Averaged data were represented as mean ± standard error of the mean (SEM). Statistical significance was denoted at p < 0.05. Group data were analyzed by two-tailed, unpaired Student’s t test between means of two-group comparison (with corresponding t-statistic, degree of freedom (df) = n – 1) or by Kruskal-Wallis test (H statistic) with Dunn’s posthoc test (adjusted p values, Z statistic) for multi-group comparison with unequal variances following the Shapiro-Wilk normality test. Assay calculations were done in Microsoft Excel (Microsoft Corp., Redmond, WA), and statistical analysis was completed in GraphPad Prism version 10.2.3 (GraphPad Software Inc., San Diego, CA). Values below LOD were included in statistical calculations as LOD/√2. Correlation data was evaluated by Spearman’s correlation test (unequal variances). Confidence intervals and corresponding degrees of freedom were calculated using the Satterthwaite delta method for mean ratio comparison. The effect size for the Kruskal-Wallis test was determined by η2 [= (H – df + 1)/(n – k); df = n – 1, k = number of groups].

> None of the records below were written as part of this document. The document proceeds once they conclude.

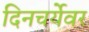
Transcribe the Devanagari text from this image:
दिनचर्येवर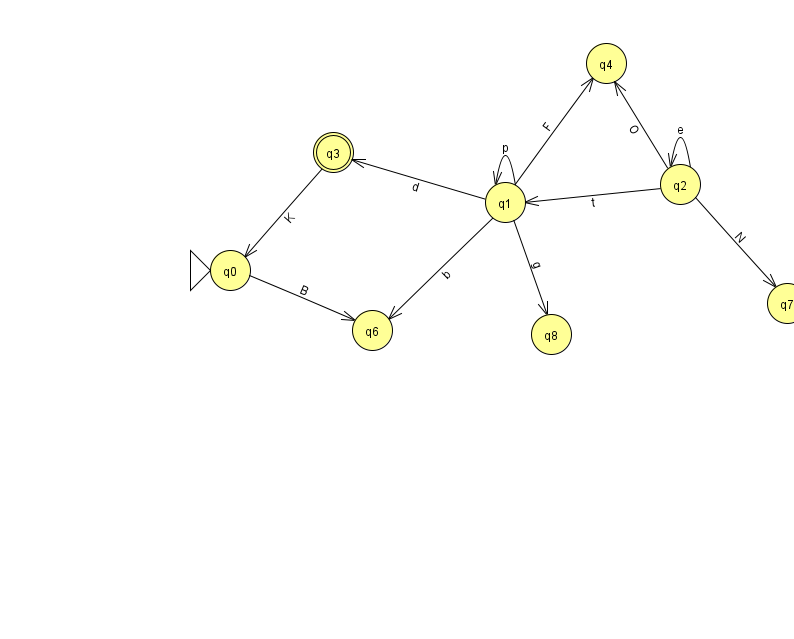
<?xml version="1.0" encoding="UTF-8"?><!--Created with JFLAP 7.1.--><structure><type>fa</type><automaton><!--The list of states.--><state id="0" name="q0"><x>230.0</x><y>257.0</y><initial/></state><state id="1" name="q1"><x>505.0</x><y>189.0</y></state><state id="2" name="q2"><x>680.0</x><y>171.0</y></state><state id="3" name="q3"><x>333.0</x><y>139.0</y><final/></state><state id="4" name="q4"><x>606.0</x><y>50.0</y></state><state id="6" name="q6"><x>372.0</x><y>317.0</y></state><state id="7" name="q7"><x>787.0</x><y>290.0</y></state><state id="8" name="q8"><x>551.0</x><y>321.0</y></state><!--The list of transitions.--><transition><from>1</from><to>1</to><read>p</read></transition><transition><from>1</from><to>3</to><read>d</read></transition><transition><from>2</from><to>2</to><read>e</read></transition><transition><from>1</from><to>8</to><read>g</read></transition><transition><from>2</from><to>7</to><read>N</read></transition><transition><from>3</from><to>0</to><read>K</read></transition><transition><from>2</from><to>1</to><read>t</read></transition><transition><from>0</from><to>6</to><read>B</read></transition><transition><from>2</from><to>4</to><read>O</read></transition><transition><from>1</from><to>4</to><read>F</read></transition><transition><from>1</from><to>6</to><read>b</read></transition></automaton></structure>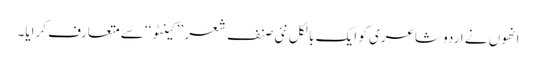
انھوں نے اردو شاعری کو ایک بالکل نئی صنف شعر ’’ کینٹو‘‘ سے متعارف کرایا۔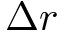
\Delta r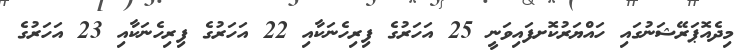
މިދެއޮޕަރޭޝަނުގައި ހައްޔަރުކޮށފައިވަނީ 25 އަހަރުގެ ފިރިހެނަކާއި 22 އަހަރުގެ ފިރިހެނަކާއި 23 އަަހަރުގެ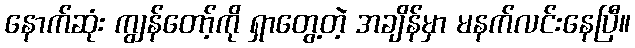
နောက်ဆုံး ကျွန်တော့်ကို ရှာတွေ့တဲ့ အချိန်မှာ မနက်လင်းနေပြီ။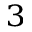
_ 3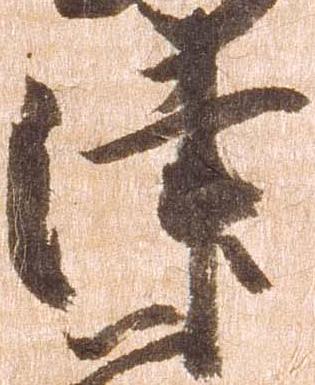
津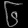
Digit: ၆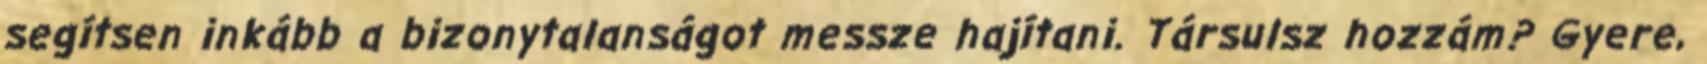
segítsen inkább a bizonytalanságot messze hajítani. Társulsz hozzám? Gyere,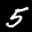
Label: 5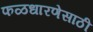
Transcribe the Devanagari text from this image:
फळधारणेसाठी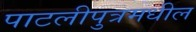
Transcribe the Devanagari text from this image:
पाटलीपुत्रमधील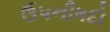
ઉપનીષદો
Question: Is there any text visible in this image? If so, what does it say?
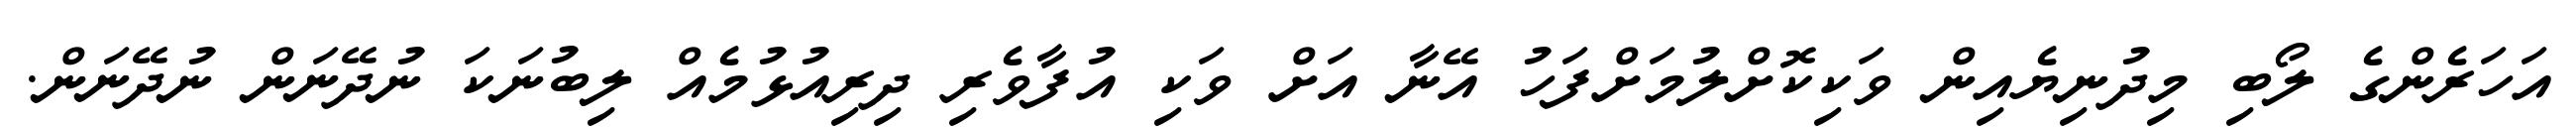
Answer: އަހަރެންގެ ލޯބި މިދުނިޔެއިން ވަކިކޮށްލުމަށްފަހު އޭނާ އަށް ވަކި އުފާވެރި ދިރިއުޅުމެއް ލިބުނަކަ ނުދޭނަން ނުދޭނަން.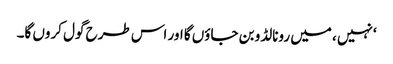
‘نہیں ، میں رونالڈو بن جاؤں گا اور اس طرح گول کروں گا۔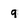
Character: q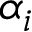
\alpha _ { i }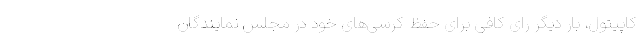
کاپیتول، بار دیگر رای کافی برای حفظ کرسی‌های خود در مجلس نمایندگان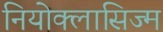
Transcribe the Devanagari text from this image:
नियोक्लासिज्म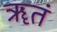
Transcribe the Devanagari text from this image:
ॠतं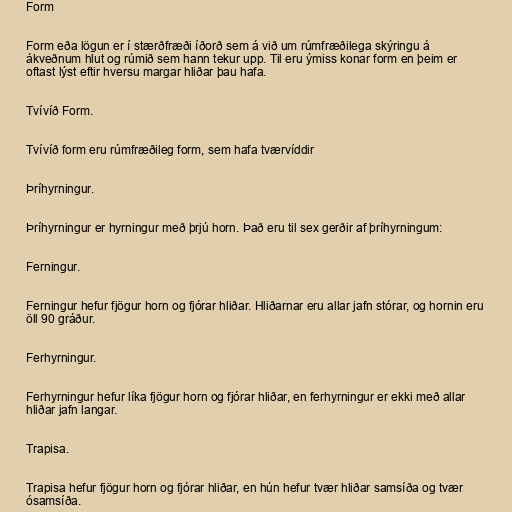
Form

Form eða lögun er í stærðfræði íðorð sem á við um rúmfræðilega skýringu á
ákveðnum hlut og rúmið sem hann tekur upp. Til eru ýmiss konar form en þeim er
oftast lýst eftir hversu margar hliðar þau hafa.

Tvívíð Form.

Tvívíð form eru rúmfræðileg form, sem hafa tværvíddir

Þríhyrningur.

Þríhyrningur er hyrningur með þrjú horn. Það eru til sex gerðir af þríhyrningum:

Ferningur.

Ferningur hefur fjögur horn og fjórar hliðar. Hliðarnar eru allar jafn stórar, og hornin eru
öll 90 gráður.

Ferhyrningur.

Ferhyrningur hefur líka fjögur horn og fjórar hliðar, en ferhyrningur er ekki með allar
hliðar jafn langar.

Trapisa.

Trapisa hefur fjögur horn og fjórar hliðar, en hún hefur tvær hliðar samsíða og tvær
ósamsíða.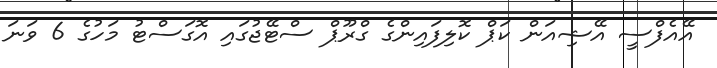
އޭއެފްސީ އޭޝިއަން ކަޕް ކޮލިފައިންގެ ގްރޫޕް ސްޓޭޖުގައި އޮގަސްޓު މަހުގެ 6 ވަނަ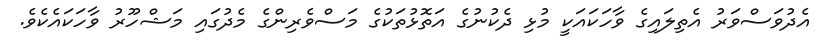
އެދުވަސްވަރު އެތިލައިގެ ވާހަކައަކީ މުޅި ދެކުނުގެ އަތޮޅުތަކުގެ މަސްވެރިންގެ މެދުގައި މަޝްހޫރު ވާހަކައެކެވެ.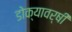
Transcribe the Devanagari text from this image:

Pre-study sample size calculation was not made due to unclear effects of the intervention. The number of animals before tissue analysis was based on the availability of the vectors and the study budget.

Reporting summary

Further information on research design is available in the Nature Portfolio Reporting Summary linked to this article.